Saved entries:
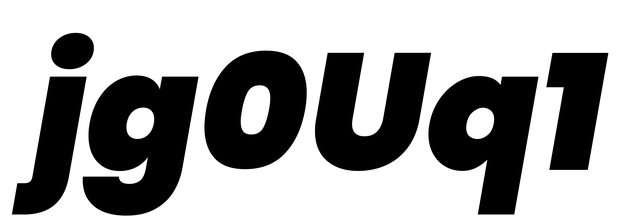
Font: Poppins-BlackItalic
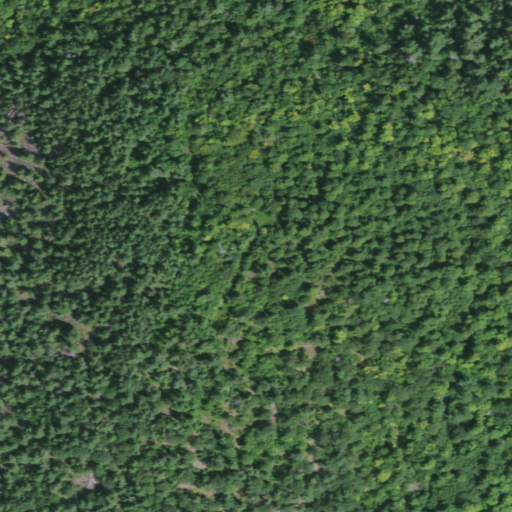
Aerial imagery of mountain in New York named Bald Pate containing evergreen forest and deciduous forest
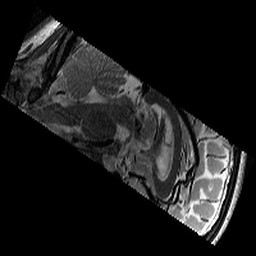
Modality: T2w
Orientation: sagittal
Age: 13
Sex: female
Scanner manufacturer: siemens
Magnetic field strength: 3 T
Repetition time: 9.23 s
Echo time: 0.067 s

=== About this task ===
Please repeat all of the entries above word for word, but drop any pictures.

=== Answer space ===
Font: Poppins-BlackItalic
Aerial imagery of mountain in New York named Bald Pate containing evergreen forest and deciduous forest
Modality: T2w
Orientation: sagittal
Age: 13
Sex: female
Scanner manufacturer: siemens
Magnetic field strength: 3 T
Repetition time: 9.23 s
Echo time: 0.067 s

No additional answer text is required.